(Extracted records)
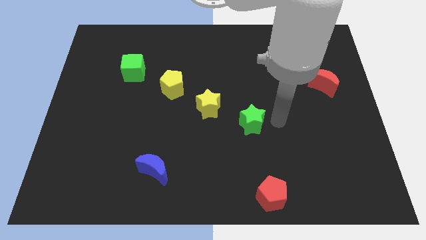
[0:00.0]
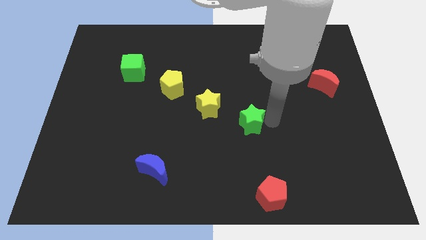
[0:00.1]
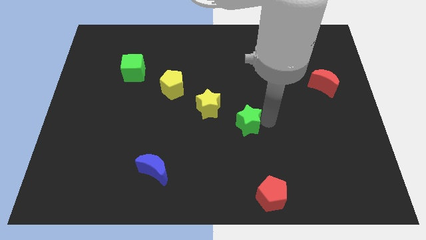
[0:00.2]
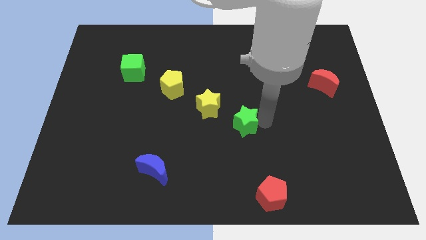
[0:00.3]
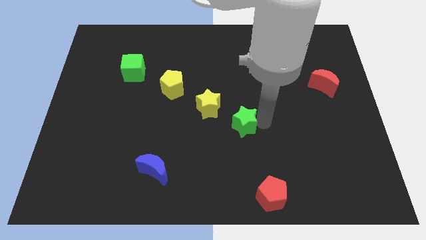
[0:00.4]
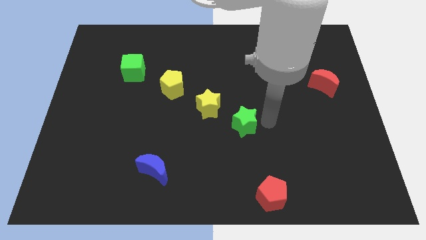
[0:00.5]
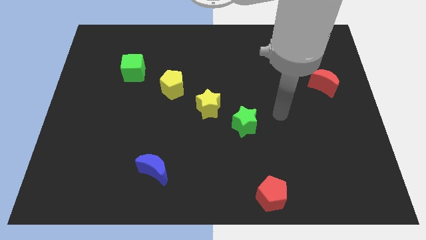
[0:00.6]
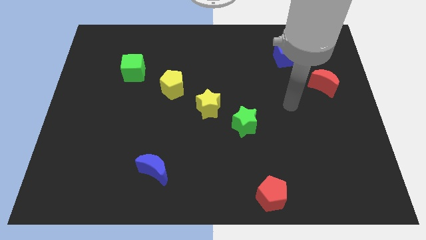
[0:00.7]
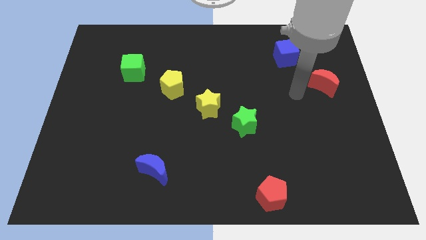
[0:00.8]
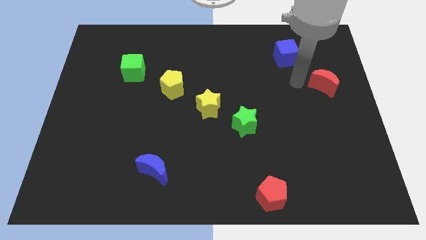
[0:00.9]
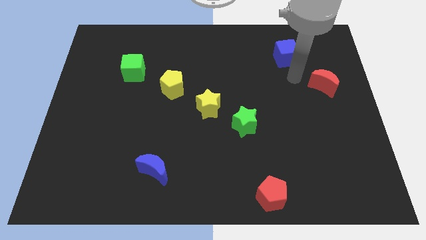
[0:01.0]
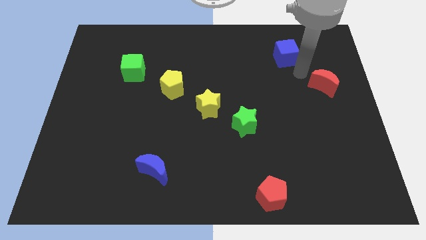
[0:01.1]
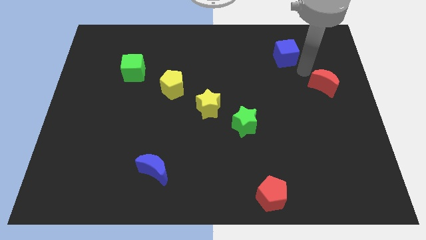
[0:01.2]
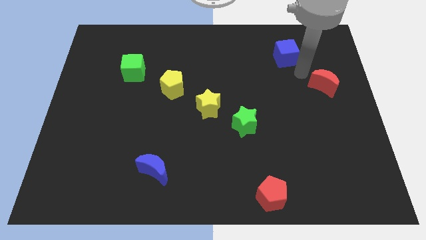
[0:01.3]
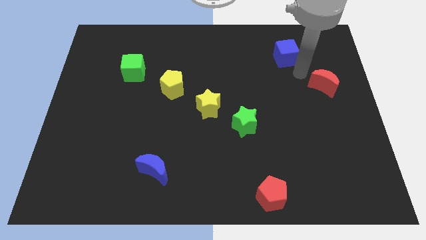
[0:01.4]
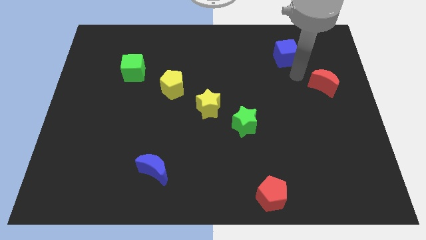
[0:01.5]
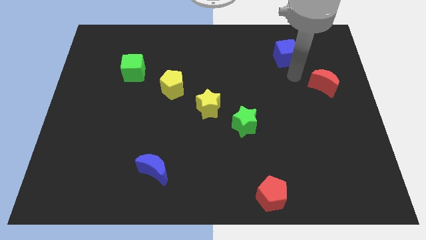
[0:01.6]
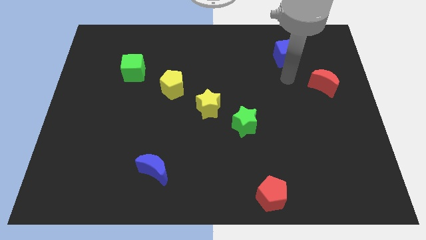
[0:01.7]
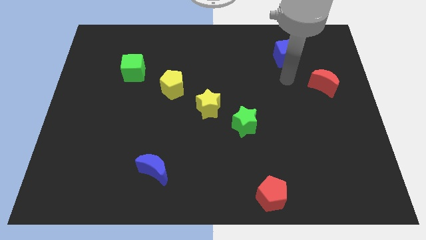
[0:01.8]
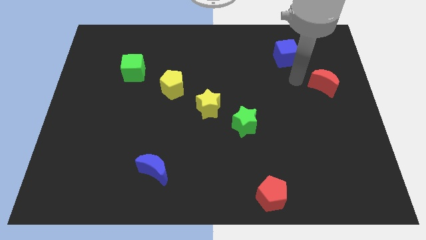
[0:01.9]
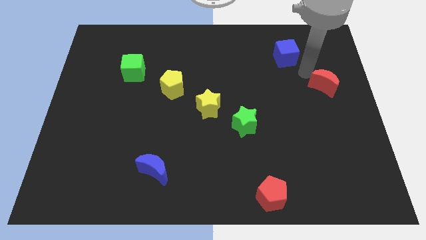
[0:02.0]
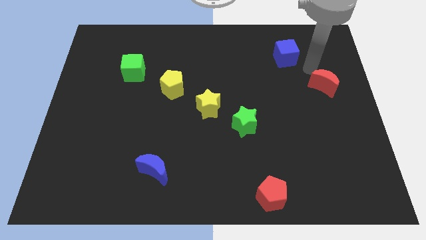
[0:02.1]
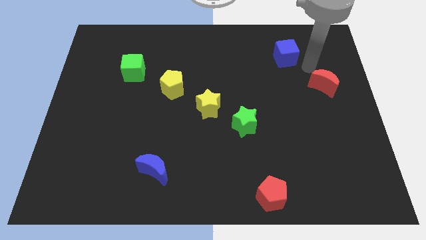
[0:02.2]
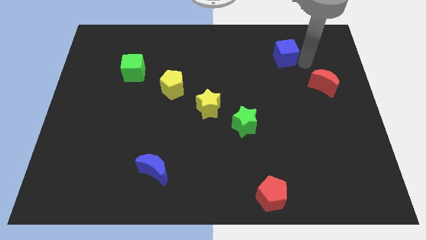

**How to complete this task**
With images omitted, retype the data word for word.

**Your response**
[0:00.0]
[0:00.1]
[0:00.2]
[0:00.3]
[0:00.4]
[0:00.5]
[0:00.6]
[0:00.7]
[0:00.8]
[0:00.9]
[0:01.0]
[0:01.1]
[0:01.2]
[0:01.3]
[0:01.4]
[0:01.5]
[0:01.6]
[0:01.7]
[0:01.8]
[0:01.9]
[0:02.0]
[0:02.1]
[0:02.2]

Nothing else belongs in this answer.